Contents of the Prospectus

As per the Directive, the Decree sets out that the prospectus shall contain all information which, according to the nature of the issuer and the securities, is necessary to enable investors to make an informed assessment of, broadly speaking, the financial position and prospects of the issuer, the guarantor, if any, and the rights inherent to the securities.

Likewise, the obligation to include a summary in the prospectus (up to now only required in Spain in certain specific cases) has been implemented by the Decree, together with most of the provisions of the Directive dealing with the content and warnings that must be included in such summary.

The possibility, in certain scenarios, of drawing up the prospectus in a language that is customary in the sphere of international finance, as well as the possibility of incorporating documents in the prospectus by reference, are not expressly set out in the Decree. As regards the first issue, it is worth noting that the CNMV, regardless the lack of specific regulations, has recently announced that registration of prospectuses drafted in English may take place. As regards the second issue, the Decree entitles the Ministry of Economy or, with its approval, the CNMV to regulate, together with the forms and contents of the different types of prospectuses, when and what kind of information can be incorporated by reference.

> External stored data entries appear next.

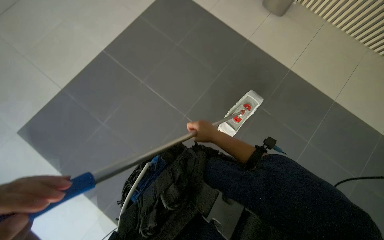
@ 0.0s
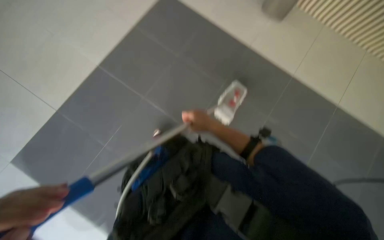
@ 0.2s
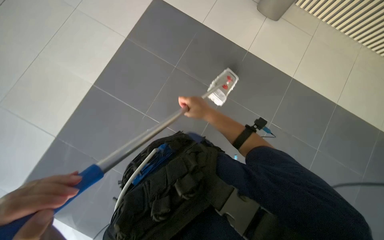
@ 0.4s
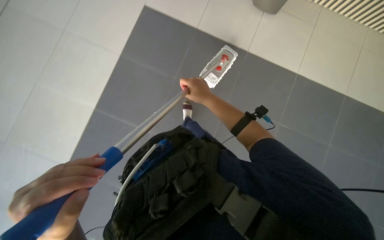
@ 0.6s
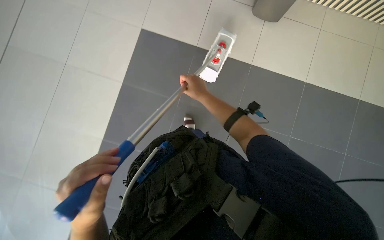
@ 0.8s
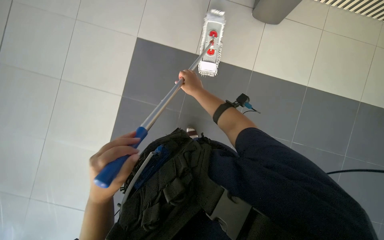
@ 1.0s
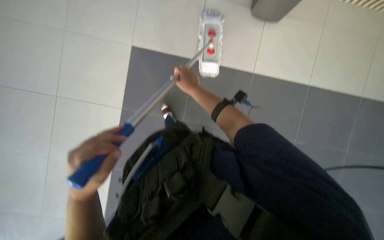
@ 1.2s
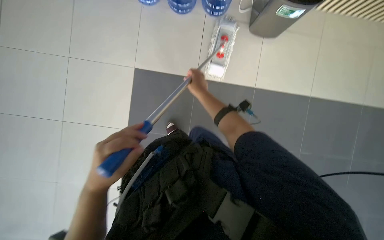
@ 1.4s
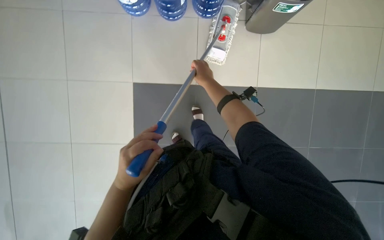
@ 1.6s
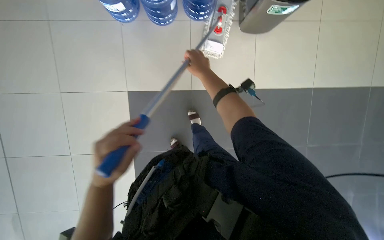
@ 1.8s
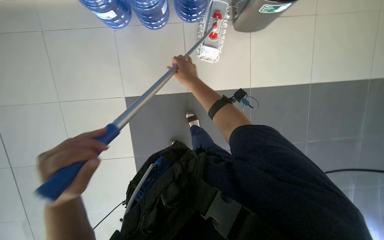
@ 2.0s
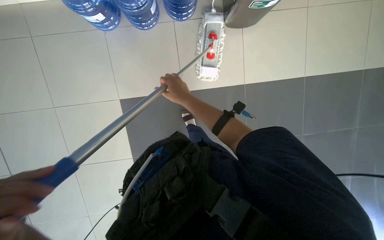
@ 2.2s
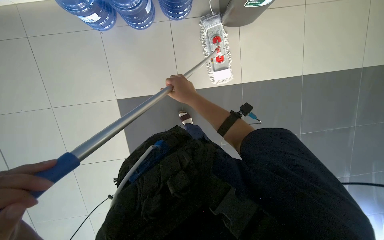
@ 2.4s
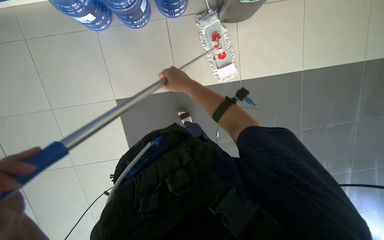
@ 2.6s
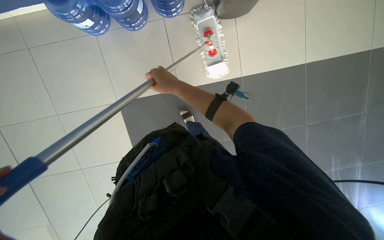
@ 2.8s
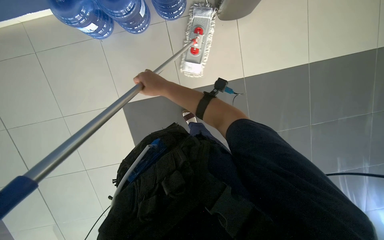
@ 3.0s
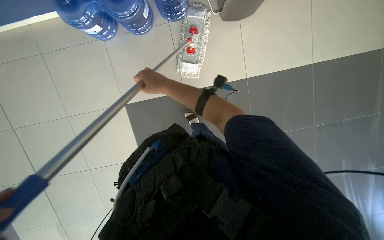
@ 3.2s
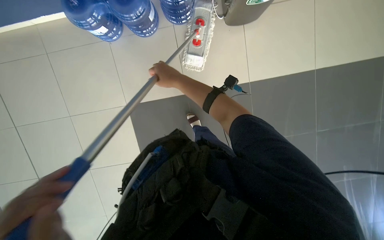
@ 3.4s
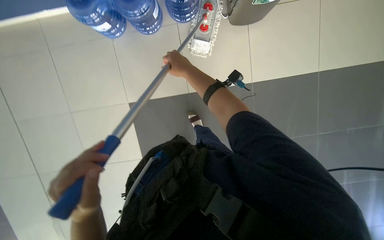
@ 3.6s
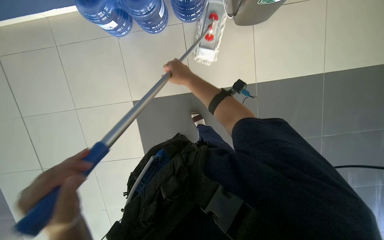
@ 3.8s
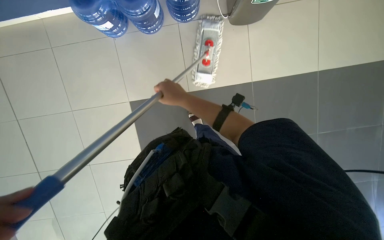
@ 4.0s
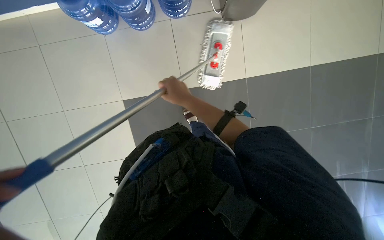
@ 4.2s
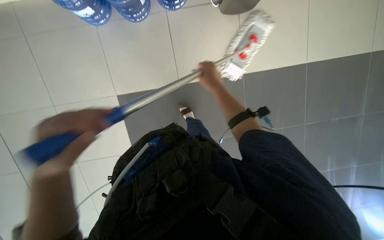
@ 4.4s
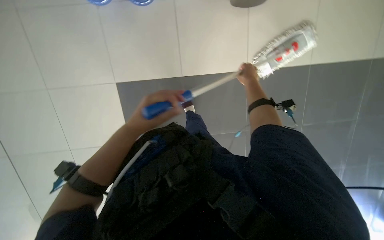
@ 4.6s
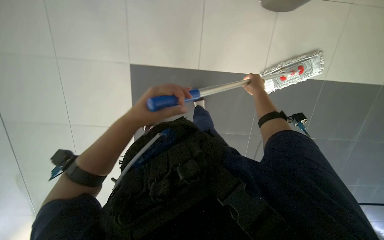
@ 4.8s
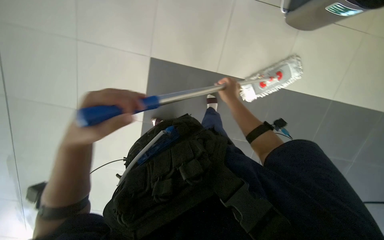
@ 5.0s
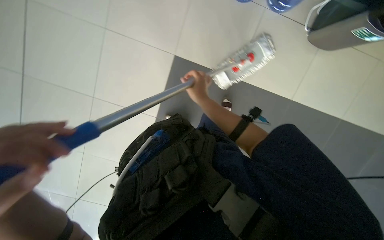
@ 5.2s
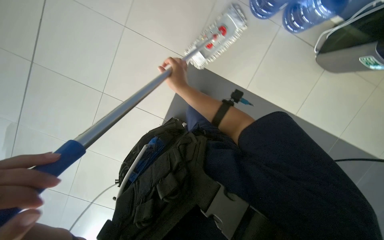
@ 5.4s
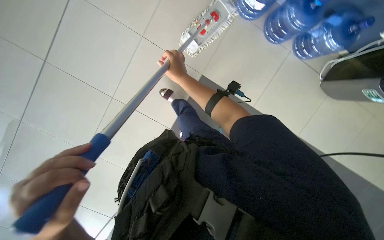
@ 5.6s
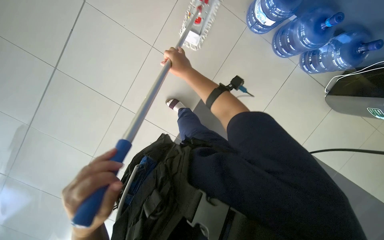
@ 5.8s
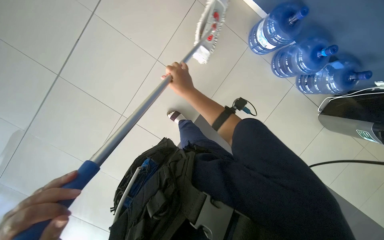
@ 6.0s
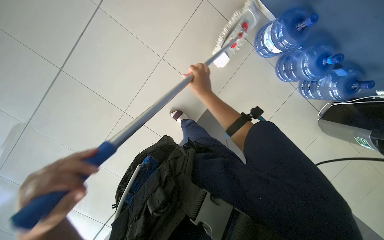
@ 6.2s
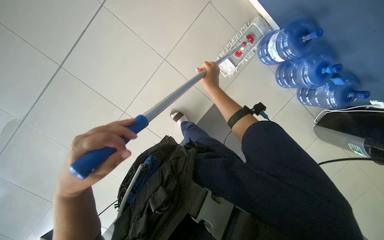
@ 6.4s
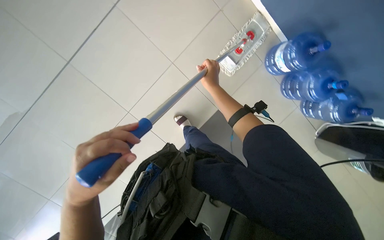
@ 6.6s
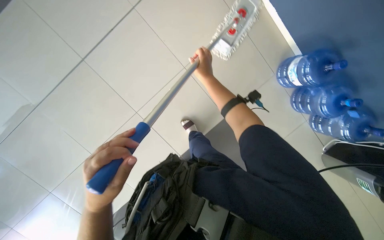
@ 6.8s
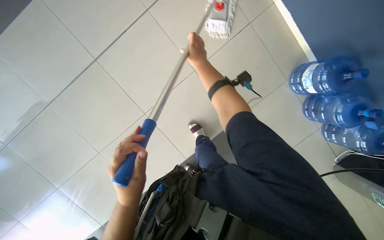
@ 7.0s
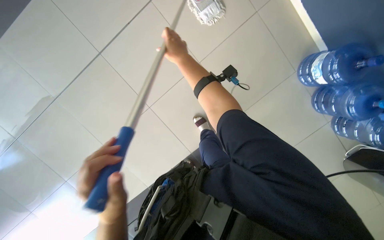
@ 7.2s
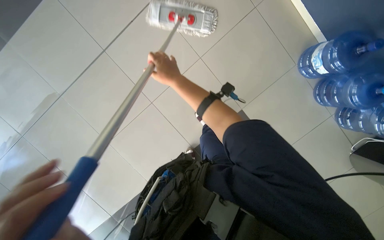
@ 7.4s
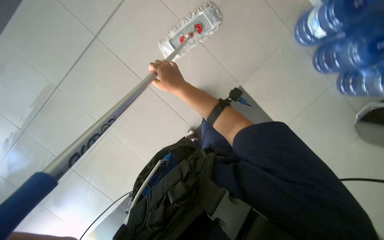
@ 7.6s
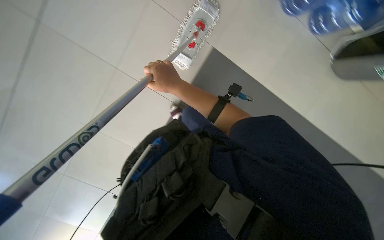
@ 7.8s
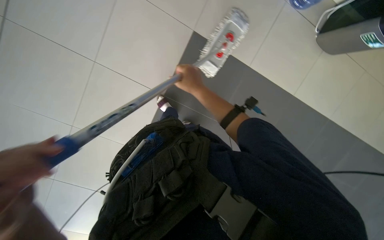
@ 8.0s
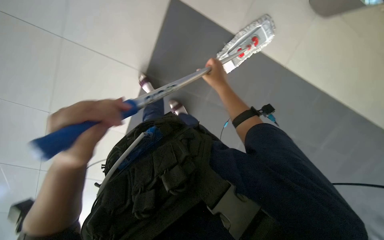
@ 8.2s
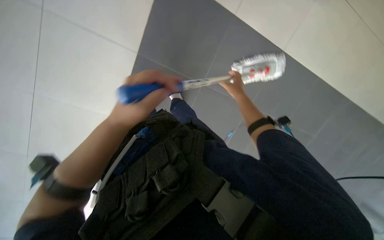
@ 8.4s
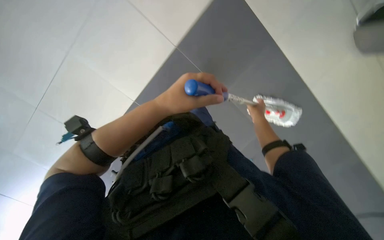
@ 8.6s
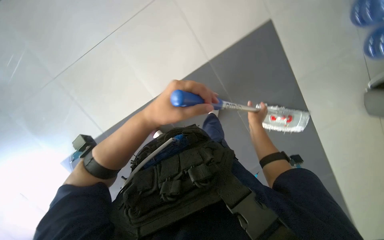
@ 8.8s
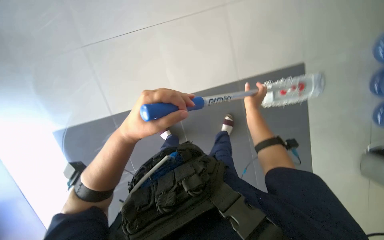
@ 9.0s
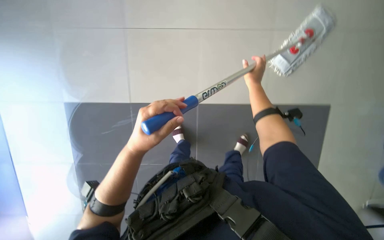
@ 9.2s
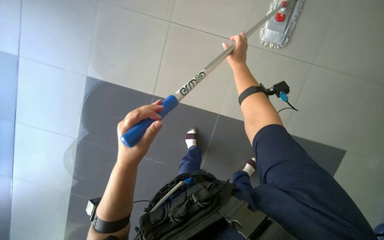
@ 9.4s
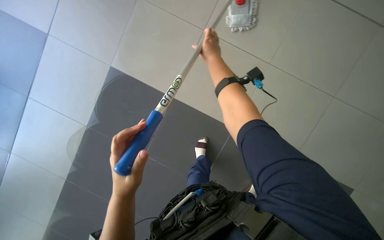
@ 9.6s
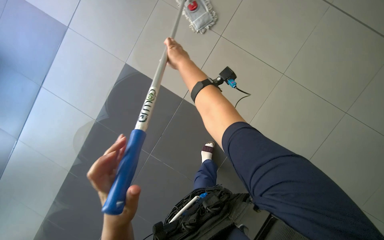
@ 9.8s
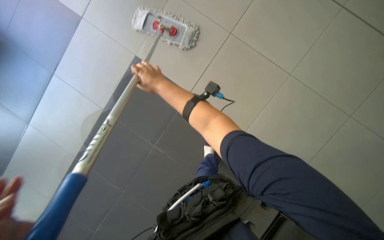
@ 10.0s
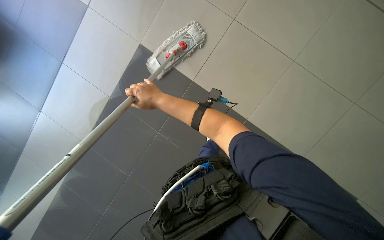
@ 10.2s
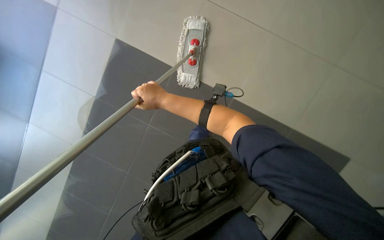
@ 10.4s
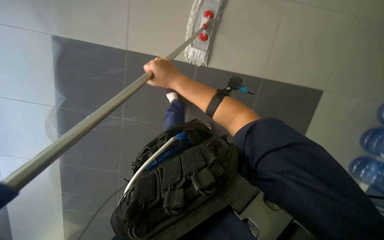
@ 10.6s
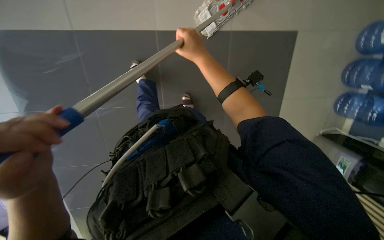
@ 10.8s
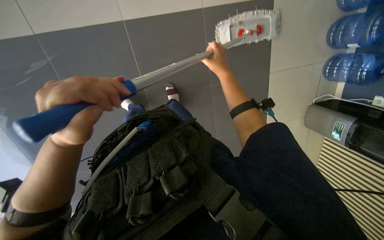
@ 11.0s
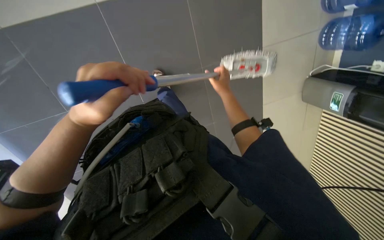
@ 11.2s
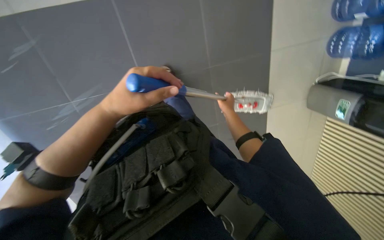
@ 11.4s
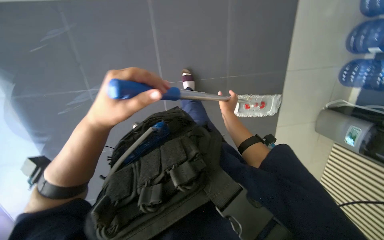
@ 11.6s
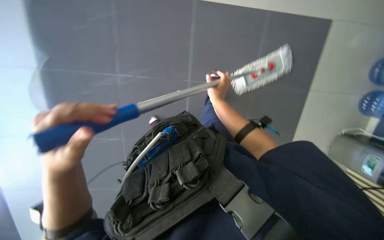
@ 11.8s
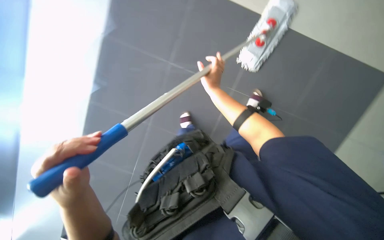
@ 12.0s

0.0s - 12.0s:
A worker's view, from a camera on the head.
Job: mopping floor.
The whole recording: Mopping floor. The worker continues mopping the tiled floor with a white mop head.
0.0s - 1.6s: The right hand heads up the picture, covering some 20 cm.
1.6s - 3.0s: The right hand heads nearer to the camera, covering some 15 cm.
3.0s - 4.4s: The right hand heads to the right, covering about 15 cm.
4.4s - 6.0s: The view tilts about 15 degrees upward. The right hand moves approximately 15 cm to the right and comes back.
7.6s - 9.0s: The right hand travels farther from the camera and to the right by about 20 cm.
9.0s - 10.4s: Everything in view rotates approximately 30 degrees counterclockwise. The right hand shifts roughly 25 cm to the left and nearer to the camera.
10.4s - 12.0s: The right hand is displaced to the right and farther from the camera by about 15 cm.

Meanwhile, pursuant to the transitory rules of the Decree, the CNMV may approve and register prospectuses drafted in accordance with the provisions of either the existing Spanish regulations on prospectuses forms (Royal Decree 291/1992 and its secondary implementing regulations); or the Commission Regulation (EC) No 809/2004 (the ‘Regulation’). However, the CNMV has gone further and has expressed that in order for prospectuses registered within this interim period, and drawn up pursuant to Royal Decree 291/1992 to remain effective after the entry into force of the new regulations on the content and form of the prospectuses, they must be completed with an up-dated supplement conforming to the form set out in the Regulation.

Liability for the Prospectus

The Decree has implemented the provisions of the Directive dealing with the liability that may arise from the content or inaccuracies within the prospectus. It is the first time that specific provisions dealing with such liability have been enacted in Spain and, although a positive step, it also warrants certain criticism as once again, it is not regulated in detail but attends upon further secondary regulations not enacted yet. Further, the Decree provides for a three year term liability limitation counted as from the date when the claimant could have become aware of the inaccuracies of the prospectus. A more ascertainable date to start counting the liability limitation term would have been desirable in our opinion even if linked to longer liability periods. Also, certain legal aspects remain unresolved (eg the possibility for the investor to rescind the subscription or purchase agreement).

1 The term for the implementation of the Directive expired last June 30, 2005.